For a split second, I didn't feel any pain. The moment the glass exploded, my mind just went blank with a loud buzz, like I had been yanked violently out from underwater. Then, a warm, thick liquid began to trickle through my hair, sliding down the back of my neck. It was sticky.
I brought a trembling hand to the back of my head and pulled it away. It was coated in slick, vivid crimson.
He turned his back on me, his voice booming as he issued a warning to the gawking onlookers.
"Nobody helps Sienna tonight! Anyone who lifts a finger for her makes an enemy of the Reed family!"
I felt my sanity slipping. My head spun violently from the blow, blood pouring out in a steady stream. The throbbing agony made it nearly impossible to form a coherent thought, but I summoned every last ounce of strength I had left and screamed at his retreating back.
"Julian, you animal! You ruined my life five years ago, and now you want to destroy whatever's left?!"
His tall frame faltered for a fraction of a second. But in the end, he kept walking. He never looked back.
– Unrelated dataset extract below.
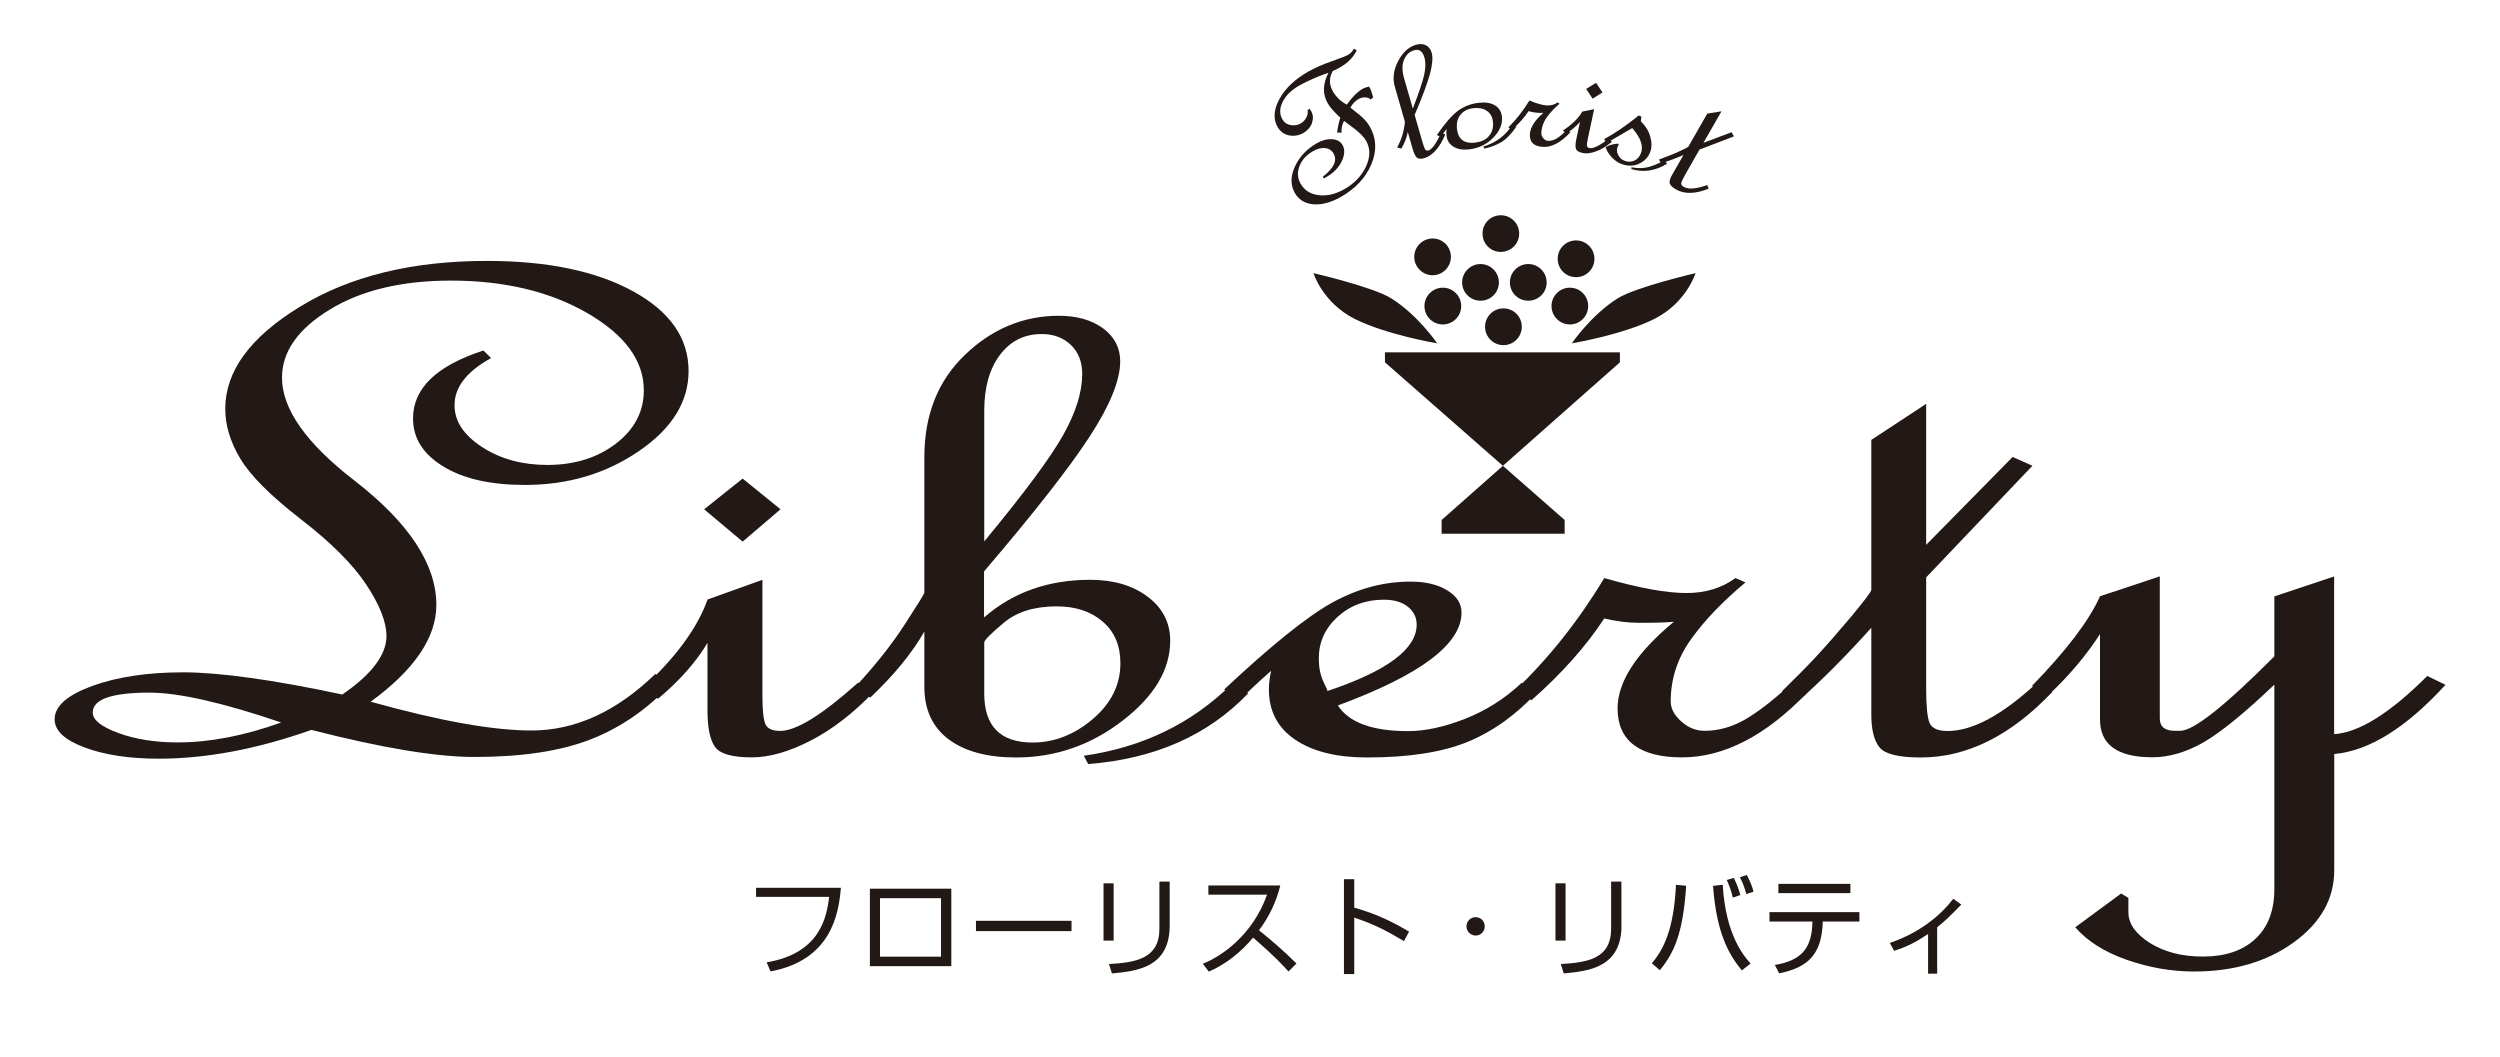 <?xml version="1.0" encoding="UTF-8"?><svg id="_レイヤー_1" xmlns="http://www.w3.org/2000/svg" xmlns:xlink="http://www.w3.org/1999/xlink" viewBox="0 0 247.5 104.67"><defs><style>.cls-1{fill:#221815;}.cls-1,.cls-2{stroke-width:0px;}.cls-3{clip-path:url(#clippath);}.cls-2{fill:none;}</style><clipPath id="clippath"><rect class="cls-2" y="0" width="247.5" height="104.67"/></clipPath></defs><g class="cls-3"><path class="cls-1" d="M33.84,68.79c2.95-2.01,4.42-3.96,4.42-5.82,0-1.39-.67-3.09-2.01-5.11-1.34-2.02-3.51-4.18-6.51-6.49-2.96-2.3-4.94-4.28-5.94-5.95-1-1.66-1.5-3.32-1.5-4.94,0-3.72,2.46-7.1,7.39-10.11,4.92-3.02,11.09-4.54,18.52-4.54,5.99,0,10.81,1.01,14.47,3.01,3.66,2.01,5.49,4.64,5.49,7.89,0,3.04-1.63,5.68-4.9,7.92-3.27,2.24-7.03,3.36-11.29,3.36-3.39,0-6.09-.6-8.09-1.83-2.01-1.22-3-2.81-3-4.75,0-2.98,2.32-5.22,6.97-6.73l.76.75c-2.42,1.33-3.62,2.88-3.62,4.67,0,1.58.91,2.96,2.73,4.14,1.82,1.18,3.97,1.77,6.46,1.77,2.7,0,4.96-.71,6.8-2.12,1.84-1.42,2.75-3.17,2.75-5.27,0-2.93-1.86-5.47-5.57-7.63-3.72-2.15-8.23-3.23-13.53-3.23-4.87,0-8.88.96-12.01,2.88-3.14,1.92-4.71,4.16-4.71,6.74,0,3.08,2.38,6.47,7.15,10.16,5.42,4.19,8.13,8.31,8.13,12.33,0,3.23-2.17,6.42-6.5,9.58,6.8,1.9,12.1,2.85,15.92,2.85,4.31,0,8.4-1.86,12.25-5.59l1.67.87c-2.38,2.56-5.05,4.42-8.04,5.59-2.98,1.17-6.83,1.75-11.54,1.75-3.78,0-9.16-.89-16.13-2.68-5.36,1.9-10.4,2.85-15.11,2.85-2.92,0-5.36-.37-7.34-1.11-1.98-.74-2.97-1.66-2.97-2.79,0-1.3,1.24-2.39,3.72-3.3,2.48-.9,5.49-1.35,9.02-1.35s8.87.73,15.71,2.19M27.85,71.53c-5.8-1.97-10.15-2.96-13.06-2.96-3.74,0-5.61.66-5.61,1.97,0,.73.84,1.41,2.54,2.03,1.69.62,3.65.93,5.88.93,3.17,0,6.58-.66,10.26-1.98"/><path class="cls-1" d="M86.48,68.52c-2.04,2.12-4.12,3.73-6.27,4.82-2.14,1.1-4.07,1.64-5.78,1.64-1.93,0-3.14-.34-3.64-1.03-.5-.69-.75-1.91-.75-3.65v-6.65c-1.13,1.89-2.75,3.73-4.89,5.52l-1.68-.92c3.37-3.07,5.56-6.04,6.58-8.9l5.43-1.95v11.49c0,1.41.1,2.33.29,2.79.2.45.68.68,1.46.68,1.6,0,4.17-1.59,7.71-4.77l1.55.93M77.27,50.42l-3.75,3.2-3.81-3.2,3.81-3.04,3.75,3.04Z"/><path class="cls-1" d="M97.44,61.11c2.86-2.48,6.35-3.71,10.49-3.71,2.32,0,4.21.56,5.7,1.68,1.48,1.12,2.22,2.57,2.22,4.35,0,2.86-1.57,5.5-4.72,7.92-3.15,2.43-6.66,3.64-10.55,3.64-2.84,0-5.06-.6-6.67-1.8-1.6-1.21-2.4-2.94-2.4-5.2v-5.47c-1.21,2.13-3,4.31-5.35,6.54l-1.56-.98c2-2.15,3.65-4.22,4.95-6.23,1.3-2.01,1.96-3.06,1.96-3.17v-13.41c0-4.19,1.34-7.58,4.03-10.15,2.68-2.57,5.79-3.86,9.29-3.86,1.79,0,3.25.42,4.38,1.25,1.12.83,1.69,1.92,1.69,3.26,0,1.88-1.02,4.38-3.05,7.49-2.03,3.11-5.51,7.55-10.43,13.31v4.54M97.44,53.6c3.97-4.8,6.58-8.32,7.83-10.56,1.25-2.24,1.87-4.24,1.87-6.01,0-1.19-.37-2.15-1.11-2.87-.74-.72-1.71-1.09-2.9-1.09-1.72,0-3.1.69-4.13,2.06-1.04,1.38-1.56,3.21-1.56,5.52v12.94M97.44,68.66c0,3.23,1.59,4.85,4.78,4.85,2.16,0,4.15-.78,5.97-2.33,1.82-1.55,2.73-3.39,2.73-5.51,0-1.75-.58-3.13-1.75-4.13-1.17-1.01-2.69-1.51-4.56-1.51-2.19,0-3.94.54-5.23,1.62-1.29,1.08-1.94,1.73-1.94,1.96v5.06M123.58,68.63c-3.97,4.16-9.26,6.5-15.85,7.01l-.43-.82c5.8-.83,10.67-3.19,14.61-7.07l1.67.88Z"/><path class="cls-1" d="M152.24,68.45c-2.12,2.31-4.45,3.97-6.96,5-2.52,1.03-5.83,1.54-9.94,1.54-2.99,0-5.36-.58-7.1-1.75-1.74-1.17-2.62-2.83-2.62-4.99,0-.57.08-1.19.22-1.84-1.27,1.12-2.24,2.03-2.91,2.71l-1.74-.86c4.65-4.36,8.23-7.24,10.73-8.62,2.51-1.38,5.08-2.06,7.73-2.06,1.46,0,2.67.28,3.62.86.95.58,1.42,1.31,1.42,2.21,0,3.12-4.08,6.18-12.24,9.19,1.1,1.7,3.42,2.54,6.94,2.54,1.69,0,3.56-.4,5.63-1.21,2.06-.8,3.94-1.99,5.62-3.56l1.61.86M131.42,68.41c5.89-1.97,8.83-4.16,8.83-6.57,0-.73-.3-1.32-.88-1.78-.58-.46-1.37-.69-2.37-.69-1.81,0-3.34.57-4.58,1.7-1.24,1.13-1.86,2.51-1.86,4.11,0,.88.15,1.62.43,2.25.29.59.43.91.43.98"/><path class="cls-1" d="M178.88,68.61c-4.1,4.25-8.23,6.37-12.37,6.37s-6.37-1.61-6.37-4.84c0-2.64,1.85-5.5,5.58-8.59-.66.08-1.81.11-3.48.11-1.08,0-2.22-.15-3.42-.43-1.81,2.76-4.21,5.45-7.2,8.09l-1.67-.92c3.39-3.25,6.35-6.97,8.87-11.17,3.45.99,6.16,1.48,8.14,1.48,1.87,0,3.49-.49,4.85-1.48l.99.43c-2.23,1.86-4.02,3.72-5.37,5.6-1.35,1.87-2.03,3.94-2.03,6.19,0,.69.35,1.35,1.04,1.97.69.62,1.46.93,2.3.93,1.38,0,2.71-.37,3.99-1.1,1.27-.73,2.78-1.89,4.53-3.5l1.62.86Z"/><path class="cls-1" d="M203.17,68.51c-4.1,4.32-8.44,6.48-13.01,6.48-2.18,0-3.54-.33-4.08-.99-.54-.66-.82-1.74-.82-3.24v-8.61c-2.42,2.69-4.78,5.08-7.09,7.13l-1.76-.84c1.33-1.3,2.47-2.45,3.4-3.45.93-1,2.07-2.3,3.43-3.91,1.34-1.62,2.02-2.51,2.02-2.69v-14.84l5.43-3.57v13.96l8.56-8.7,1.96.87-10.52,11.05v11c0,1.69.11,2.81.32,3.37.22.56.82.84,1.8.84,2.48,0,5.42-1.59,8.85-4.77l1.52.92Z"/><path class="cls-1" d="M242.1,67.8c-3.88,4.24-7.54,6.53-11.01,6.85v11.5c0,2.82-1.33,5.2-3.99,7.13-2.66,1.93-5.96,2.9-9.89,2.9-2.24,0-4.46-.39-6.67-1.16-2.2-.77-3.9-1.85-5.09-3.22l4.54-3.34.72.43v1.42c0,1.14.72,2.15,2.14,3.05,1.43.89,3.17,1.34,5.22,1.34,2.22,0,3.96-.58,5.21-1.75,1.25-1.16,1.88-2.8,1.88-4.92v-20.25c-2.95,2.81-5.28,4.71-7.01,5.71-1.73.99-3.42,1.48-5.07,1.48-3.46,0-5.18-1.25-5.18-3.75v-8.45c-1.34,2.09-3.06,4.13-5.17,6.11l-1.57-.97c3.43-3.53,5.68-6.49,6.74-8.88l5.92-1.97v14.06c0,.82.49,1.23,1.5,1.23h.53c1.31,0,4.41-2.46,9.31-7.37v-5.94l5.92-1.97v15.61c2.45-.15,5.53-2.07,9.22-5.76l1.79.87Z"/><path class="cls-1" d="M83.25,87.88c-.22,2.61-.95,7.16-6.97,8.29l-.38-.9c5.42-.91,5.94-4.63,6.19-6.48h-7.24v-.9h8.4Z"/><path class="cls-1" d="M94.18,95.65h-8.06v-7.67h8.06v7.67ZM93.16,88.92h-6.04v5.79h6.04v-5.79Z"/><rect class="cls-1" x="96.62" y="91.16" width="9.46" height="1.02"/><path class="cls-1" d="M110.25,93.12h-1v-5.67h1v5.67ZM115.8,91.62c0,4.22-3.33,4.52-5.72,4.75l-.29-.93c2.67-.15,4.99-.54,4.99-3.49v-4.67h1.02v4.34Z"/><path class="cls-1" d="M119.08,95.41c1.79-.71,4.9-2.76,6.36-6.84h-5.81v-.91h7.12c-.39,1.61-1.12,3.12-2.11,4.44,1.29,1.03,2.54,2.12,3.71,3.29l-.79.79c-.6-.67-1.38-1.51-3.5-3.36-1.2,1.43-2.67,2.63-4.39,3.37l-.59-.78Z"/><path class="cls-1" d="M134.07,87.04v2.82c2.4.66,4.12,1.6,5.43,2.37l-.51.94c-1.94-1.16-3.01-1.67-4.92-2.33v5.59h-1.02v-9.39h1.02Z"/><path class="cls-1" d="M146.99,91.71c0,.51-.41.91-.9.91s-.91-.41-.91-.91.4-.91.91-.91.9.4.9.91"/><path class="cls-1" d="M154.99,93.12h-1v-5.67h1v5.67ZM160.53,91.62c0,4.22-3.34,4.52-5.72,4.75l-.29-.93c2.67-.15,4.98-.54,4.98-3.49v-4.67h1.02v4.34Z"/><path class="cls-1" d="M163.53,95.37c1.11-1.31,2.18-3.26,2.39-7.77l1.01.09c-.3,4.69-1.19,6.65-2.61,8.36l-.79-.69M170.55,87.59c.29,5.03,2.13,7.1,2.76,7.8l-.87.68c-1.37-1.66-2.51-3.82-2.85-8.37l.96-.11M171.55,88.86c-.17-.8-.5-1.51-.6-1.74l.69-.21c.36.69.53,1.26.65,1.7l-.73.25M172.89,88.52c-.24-.83-.33-1.06-.64-1.67l.69-.23c.35.73.5,1.04.66,1.65l-.71.25Z"/><path class="cls-1" d="M184.08,90.3v.93h-3.62c-.11,3.03-1.22,4.51-4.32,5.13l-.43-.83c2.7-.45,3.68-1.71,3.72-4.3h-4.25v-.93h8.9M183.19,88.42h-7.13v-.92h7.13v.92Z"/><path class="cls-1" d="M191.78,96.39h-.9v-3.93c-1.15.78-2.04,1.25-3.36,1.67l-.43-.78c2.99-1.02,5.03-2.73,6.28-4.37l.8.57c-.99,1.02-1.51,1.54-2.39,2.25v4.59Z"/><polygon class="cls-1" points="160.37 34.88 137.11 34.88 137.11 35.87 154.9 51.48 154.9 52.84 142.72 52.84 142.72 51.48 160.37 35.87 160.37 34.88"/><path class="cls-1" d="M142.28,33.99s-1.9-2.8-4.56-4.46c-1.79-1.12-7.69-2.49-7.69-2.49,0,0,.9,2.91,4.06,4.52,3.16,1.59,8.19,2.43,8.19,2.43"/><path class="cls-1" d="M155.61,33.99s1.9-2.8,4.55-4.46c1.8-1.12,7.7-2.49,7.7-2.49,0,0-.9,2.92-4.05,4.52-3.16,1.59-8.2,2.43-8.2,2.43"/><path class="cls-1" d="M143.64,25.43c0,1-.82,1.82-1.81,1.82s-1.82-.82-1.82-1.82.82-1.82,1.82-1.82,1.81.81,1.81,1.82"/><path class="cls-1" d="M157.85,25.62c0,1.01-.81,1.82-1.82,1.82s-1.82-.81-1.82-1.82.82-1.82,1.82-1.82,1.82.82,1.82,1.82"/><path class="cls-1" d="M150.4,23.12c0,1.01-.81,1.82-1.82,1.82s-1.81-.81-1.81-1.82.81-1.81,1.81-1.81,1.82.81,1.82,1.81"/><path class="cls-1" d="M144.66,30.3c0,1-.81,1.82-1.82,1.82s-1.82-.82-1.82-1.82.82-1.82,1.82-1.82,1.82.82,1.82,1.82"/><path class="cls-1" d="M148.39,27.96c0,1-.81,1.81-1.82,1.81s-1.82-.81-1.82-1.81.82-1.82,1.82-1.82,1.82.82,1.82,1.82"/><path class="cls-1" d="M153.12,27.96c0,1-.81,1.81-1.82,1.81s-1.82-.81-1.82-1.81.81-1.82,1.82-1.82,1.82.82,1.82,1.82"/><path class="cls-1" d="M157.23,30.3c0,1-.81,1.82-1.81,1.82s-1.82-.82-1.82-1.82.81-1.82,1.82-1.82,1.81.82,1.81,1.82"/><path class="cls-1" d="M150.66,32.35c0,1-.82,1.82-1.82,1.82s-1.82-.81-1.82-1.82.81-1.82,1.82-1.82,1.82.82,1.82,1.82"/><path class="cls-1" d="M134.33,4.95c-.33.71-.9,1.29-1.7,1.74-.32.18-.54.29-.68.33-.38.67-.38,1.34,0,2.02.32.55.77.99,1.38,1.32.54-.75,1.05-1.27,1.53-1.54.16-.1.38-.18.66-.25l.13.19c.04.07.15.37.3.88-.02.01-.06.04-.12.09-.05.05-.08.09-.1.1l-.04.02c-.14-.14-.32-.21-.55-.21s-.43.05-.62.15c-.35.2-.62.48-.83.86.74.57,1.21.97,1.41,1.2.21.22.38.46.52.7.65,1.15.7,2.39.14,3.72-.56,1.33-1.57,2.4-3.02,3.23-1,.56-1.91.8-2.75.72-.83-.08-1.43-.46-1.81-1.13-.43-.77-.43-1.64.02-2.61.45-.97,1.18-1.74,2.18-2.31.52-.3,1.02-.42,1.51-.39.48.04.82.23,1.02.58.25.44.22.97-.08,1.61-.31.64-.82,1.16-1.55,1.57l-.22.13-.1-.18c1.1-.85,1.46-1.61,1.06-2.29-.17-.31-.45-.49-.82-.54-.38-.04-.78.06-1.22.31-.64.37-1.09.85-1.33,1.47-.24.61-.21,1.2.12,1.76.37.65.96,1.02,1.79,1.12.82.1,1.67-.1,2.54-.6.98-.55,1.69-1.3,2.13-2.23.44-.94.44-1.79.02-2.54-.21-.38-.61-.78-1.19-1.23l-1-.75c-.19.34-.28.73-.25,1.17l-.44-.02c.06-.49.17-.98.32-1.47-.64-.59-1.04-1.06-1.24-1.41-.53-.92-.51-1.94.07-3.04-1.1.38-2.05.8-2.86,1.25-.81.46-1.37,1-1.68,1.64-.31.63-.32,1.19-.03,1.71.18.32.46.52.82.58.37.07.7.01,1-.16.23-.13.41-.32.55-.57.14-.25.18-.5.13-.76l.2-.11.15.21c.2.35.23.74.09,1.17-.14.42-.43.75-.84,1-.47.26-.95.34-1.44.24-.49-.1-.87-.38-1.13-.83-.45-.79-.39-1.71.18-2.76.57-1.06,1.53-1.97,2.89-2.74.65-.36,1.41-.7,2.31-1.01.9-.32,1.43-.53,1.59-.63.27-.15.46-.36.58-.61l.27.15Z"/><path class="cls-1" d="M138.33,14.59c.1-.2.18-.38.26-.55.08-.17.15-.37.22-.58.07-.21.14-.49.2-.82.06-.33.08-.55.06-.64l-.98-3.4c-.24-.84-.13-1.69.33-2.56.46-.87,1.05-1.4,1.77-1.61.38-.11.71-.09.99.06.28.15.46.39.56.74.13.47.07,1.17-.18,2.11-.26.94-.76,2.28-1.51,4.04l.76,2.64c.11.37.2.62.27.75.08.12.19.17.35.12.33-.09.75-.67,1.24-1.72l.41.14c-.56,1.33-1.26,2.11-2.12,2.36-.25.07-.46.06-.64-.03-.17-.1-.32-.41-.47-.91l-.48-1.66c-.1.53-.31,1.08-.64,1.65l-.41-.12M139.87,10.75c.61-1.58.98-2.7,1.13-3.37.14-.67.15-1.22.03-1.65-.19-.66-.53-.91-1.04-.75-.46.13-.79.45-1,.95-.2.51-.19,1.12.02,1.84l.86,2.99Z"/><path class="cls-1" d="M142.24,13.38c.86-1.25,1.6-2.07,2.19-2.48.59-.4,1.24-.64,1.94-.72.67-.08,1.2,0,1.61.24.42.24.65.62.71,1.12.08.72-.2,1.42-.85,2.08-.65.68-1.46,1.06-2.41,1.17-.62.07-1.13-.02-1.54-.27-.4-.25-.63-.61-.68-1.07-.03-.25-.03-.48,0-.68-.1.12-.29.38-.55.79l-.4-.19M146.1,14.1c.58-.06,1.03-.29,1.33-.66.31-.38.43-.84.37-1.39-.05-.49-.26-.85-.61-1.08-.36-.24-.79-.32-1.32-.26-.56.06-.99.28-1.28.65-.3.36-.41.83-.35,1.42.12,1.03.74,1.47,1.86,1.34M150.12,12.54c-.53.76-1.05,1.29-1.57,1.58-.52.28-1.05.48-1.59.59l-.12-.2c1.24-.36,2.19-1.08,2.88-2.14l.4.17Z"/><path class="cls-1" d="M155.46,13.1c-.94,1.02-1.86,1.5-2.73,1.44-.91-.06-1.33-.49-1.27-1.29.05-.66.49-1.35,1.34-2.08-.14.02-.39.01-.75-.02-.23-.02-.47-.07-.72-.15-.43.65-.99,1.27-1.66,1.87l-.34-.26c.77-.76,1.47-1.65,2.08-2.66.72.3,1.3.46,1.72.49.4.02.75-.07,1.07-.3l.19.13c-.51.44-.93.88-1.26,1.34-.32.46-.51.97-.54,1.54-.01.18.05.35.18.52.14.17.29.26.47.27.3.02.59-.06.87-.23.28-.17.63-.46,1.03-.88l.33.25Z"/><path class="cls-1" d="M159.57,14.05c-.54.44-1.06.76-1.57.94-.51.18-.93.24-1.29.16-.4-.08-.63-.22-.69-.42-.07-.19-.06-.52.04-.97l.36-1.7c-.35.42-.81.81-1.37,1.16l-.32-.3c.9-.59,1.54-1.21,1.91-1.87l1.18-.24-.62,2.9c-.08.35-.11.59-.09.72.01.12.11.2.27.23.34.07.97-.24,1.91-.93l.28.32M158.64,9.15l-.97.62-.64-.97.98-.6.63.94Z"/><path class="cls-1" d="M162.43,12c.46.44.78.94.94,1.51.17.57.17,1.09,0,1.54-.2.52-.57.92-1.11,1.16-.55.25-1.13.25-1.75.02-.3-.11-.61-.32-.9-.61-.29-.29-.51-.64-.66-1.05.33-.2.74-.32,1.24-.35l.07.13s-.1.12-.13.23c-.09.25-.07.51.08.78.14.28.35.46.63.56.34.13.66.12.96-.02.3-.14.52-.39.65-.73.27-.7-.02-1.53-.86-2.49l-1.37.8c-.55.33-.94.55-1.17.64l-.25-.34c1.08-.58,2.22-1.37,3.44-2.35l.26.12-.06.44M165.04,16.21c-1.15.71-2.32.89-3.53.53v-.18c.55.1,1.05.11,1.5.02.45-.09,1.05-.32,1.78-.7l.25.33Z"/><path class="cls-1" d="M169.17,18.67c-1.32.54-2.4.57-3.25.08-.4-.23-.61-.45-.63-.66-.02-.2.07-.48.26-.8l1.11-1.94c-.79.34-1.53.61-2.21.82l-.22-.37c.41-.15.77-.29,1.07-.41.29-.11.68-.28,1.13-.49.45-.21.69-.34.71-.37l1.88-3.28,1.41-.23-1.79,3.12,2.78-1.05.24.41-3.41,1.31-1.43,2.51c-.22.38-.34.64-.37.79-.03.15.04.28.24.39.47.27,1.24.21,2.32-.18l.16.37Z"/></g></svg>

I collapsed into a pool of my own blood, drained of all will to fight. I could only stare numbly up at the brilliant crystal chandelier swaying gently above us. It was a beautiful fixture. The glass pendants hung in delicate layers, the light refracting through them like shattered stars.
As the light danced in my fading vision, only one thought played on a loop in my mind:
Julian, if I really caught AIDS and died right here... would you feel even an ounce of grief?
Suddenly, a wet, choking sound jolted me back to reality. Overcome by the exertion and sheer adrenaline, the sick man's condition flared. He seized up and violently vomited a mouthful of dark blood straight into my face. It was warm, carrying the metallic rot of sickness, mixing with my own blood as it dripped down my cheeks.
The utter revulsion gave me a final surge of adrenaline. I shoved his convulsing body off of me and scrambled toward the door, crawling on my hands and knees until I escaped.
I fled that hellhole half-naked, my head still bleeding profusely as I stumbled into a torrential downpour.
The rain was punishing. It fell so thick and heavy that I couldn't clearly see the road, the traffic lights, or even where I was. I walked barefoot through the flooded gutters. Shards of broken glass sliced into the soles of my feet, but I was completely numb to the pain. I just kept walking. Left foot, right foot. Pushing forward, driven by the irrational fear that the moment I stopped, I would die.
The screeching of tires cut through the roar of the storm. A luxury car slammed on its brakes right beside me, splashing a wave of muddy water all over my shivering frame.
"Is this how pathetic your life became the second you left me?"
The tinted window rolled down, revealing Julian’s sharp, agonizingly handsome face.
I didn't want to look at him. I turned to walk away, but his hand shot out into the rain, gripping my arm like a vice and violently yanking me into the pristine interior of his car.
"You're bleeding! Where the hell do you think you’re going in this storm?"
That was the last thing I heard. The massive blood loss finally caught up with me, and everything faded to black.
When I finally fluttered my eyes open, the harsh fluorescent lights of a hospital room blinded me. And there, standing in the sterile silence, Julian and my little girl stared at each other in utter shock.